Since phosphoric acid reacts with iron, leading to severe adhesion to the mold, wooden molds are generally used. After the mold has passed inspection, a thin layer of plastic sheeting or paper is laid inside prior to charging, followed by the application of a layer of butter.
(2) Batching and Aging.
Aggregates and fine powders are weighed according to the prescribed proportions and poured into a mixer. A portion of the phosphoric acid solution is added and mixed thoroughly; the mixture is then placed in an environment with a temperature exceeding 20°C for 16 to 24 hours to allow for the release of hydrogen gas.
(3) Remixing and Compaction.
After the aging process, the mixture is returned to the mixer. First, 2% to 3% bauxite cement is added and mixed for 1 minute; subsequently, 7% (by weight) phosphoric acid solution is added, and mixing continues until the desired consistency is achieved. Each mixing cycle must last no less than 3 to 5 minutes. The mixed material is immediately charged into the mold and transferred to a vibrating table for compaction. Vibration is maintained for a minimum of 6 minutes, or until slurry rises to the surface of the material in the mold and all air bubbles have ceased to escape.
(4) Curing and Demolding.
Following molding, the precast blocks are placed in a room with a temperature exceeding 20°C and left to cure undisturbed for 6 to 8 hours.

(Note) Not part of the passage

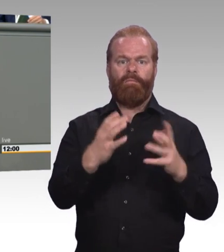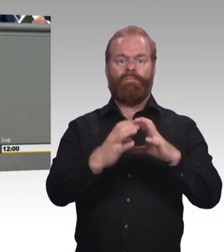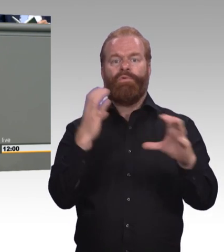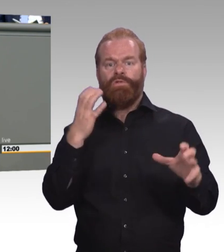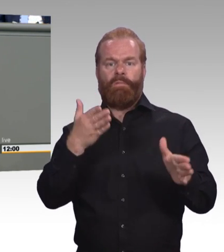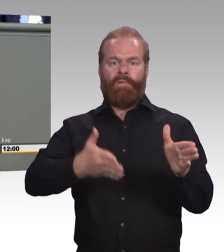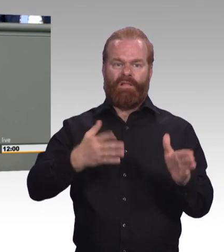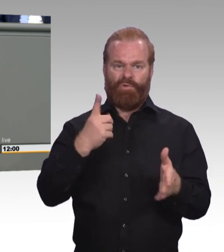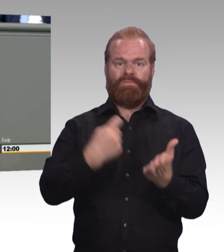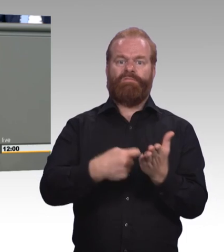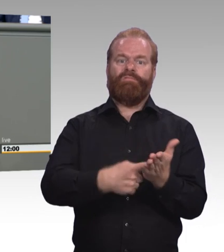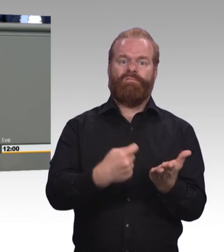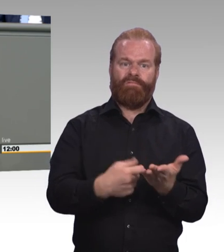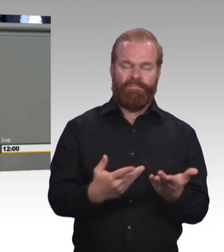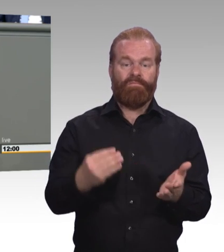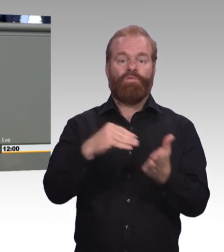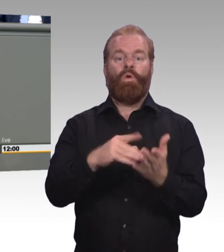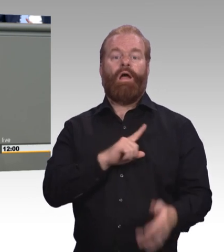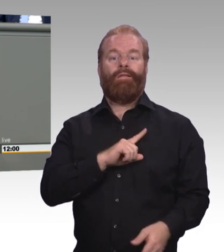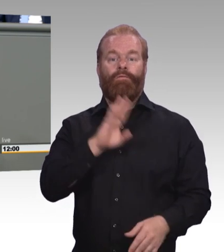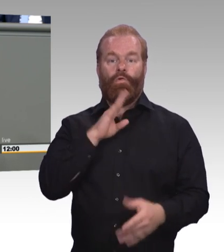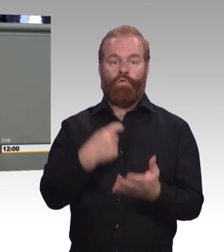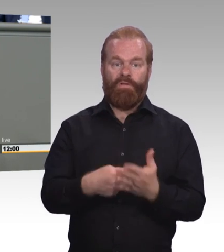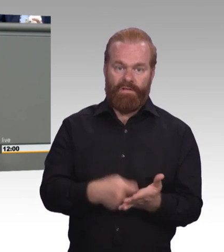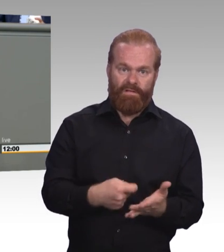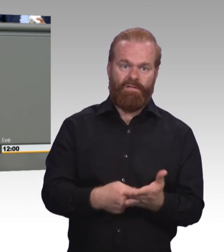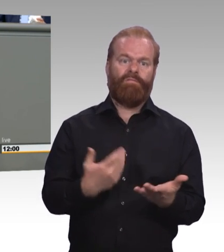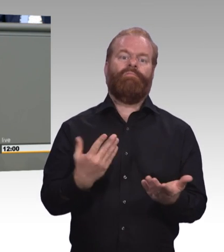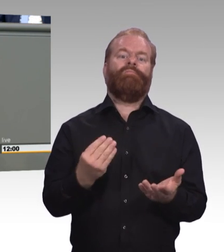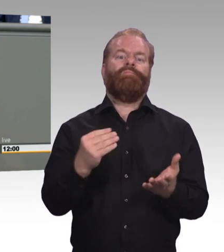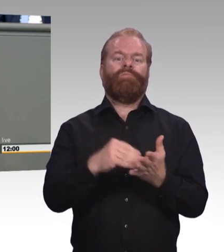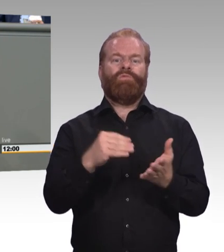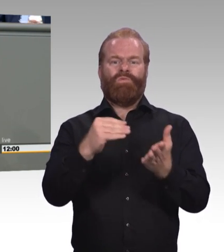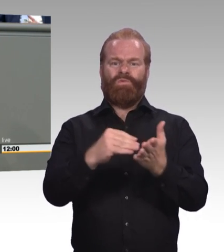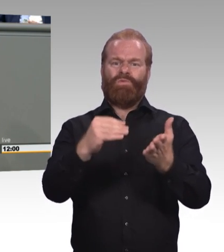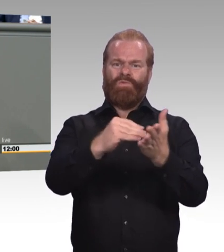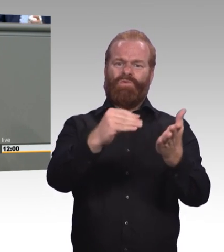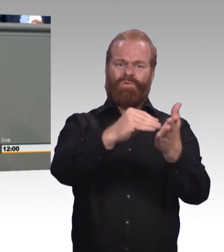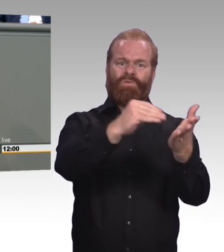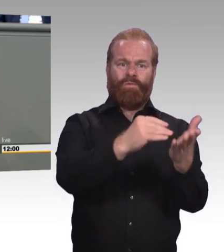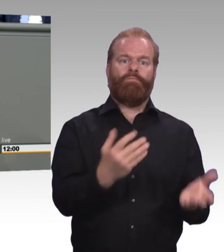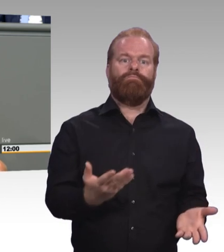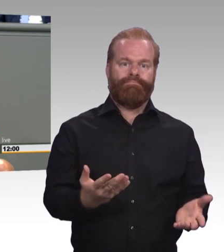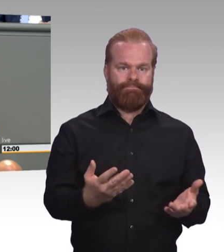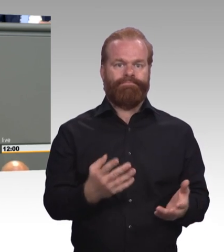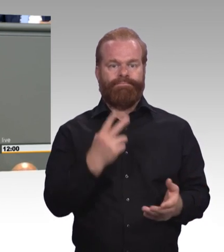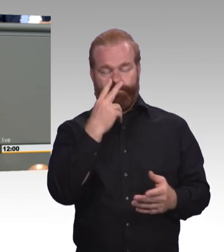von den jungen Menschen selbst. Meine Damen und Herren, die Mindestausbildungsvergütung ist natürlich ein Schritt in die richtige Richtung,

The side molds may be removed after 2 hours of static curing, while the bottom molds may be removed—allowing for hoisting and transport—after 6 hours.
(5) Physicochemical Properties of the Precast Blocks.
(6) Application and Stove Drying.
The phosphate-bonded castable precast blocks produced fall into two categories: those fired at 1300°C, and those that are unfired. The fired precast blocks are installed in the lower section (0–12 m) of the combustion chamber (fire well) of an internal-combustion hot blast stove, while the unfired blocks are installed in the upper section (12–25 m). The stove drying curve is as follows:
The furnace dome temperature ultimately reaches 1400°C, while the waste gas temperature reaches 500°C.
Application of Modular Phosphate Refractory Castable Precast Blocks for Furnace Domes. The raw materials and proportions are as follows: Grade II bauxite aggregate (≤15mm) accounts for 40%, (≤6mm) accounts for 30%, and fine powder (≤0.088mm) accounts for 30%; the binder—phosphoric acid (85% concentration, diluted with water)—is added at 12–14%, and the setting accelerator—bauxite cement—is added at 2–3%. The manufacturing process for the precast blocks involves the following steps: after mixing, the phosphoric acid-bonded refractory castable must undergo a “holding” period (aging); to facilitate lifting, two hoisting hooks are positioned diagonally within each precast block, necessitating the installation of four φ22mm × 0.5mm steel tubes placed in the cooler zones of the block, with the surfaces of the steel tubes wrapped in two layers of oil-impregnated paper. The prescribed heat treatment schedule is as follows:
This material is applied in a walking-beam heating furnace (16,356 mm × 2,204 mm); the heating and soaking zones feature a total of eight burners, each assembled from three individual precast blocks, yielding a service life of over three years.
Phosphate-bonded high-alumina refractory materials exhibit the following characteristics: they are unaffected by ambient temperature fluctuations—particularly during winter—setting rapidly to facilitate easy demolding without the formation of cracks; they possess no “low-strength zones” under hot conditions (exhibiting particularly high strength in the medium-to-low temperature range); they demonstrate high refractoriness; excellent resistance to slag corrosion; and superior resistance to spalling and thermal shock.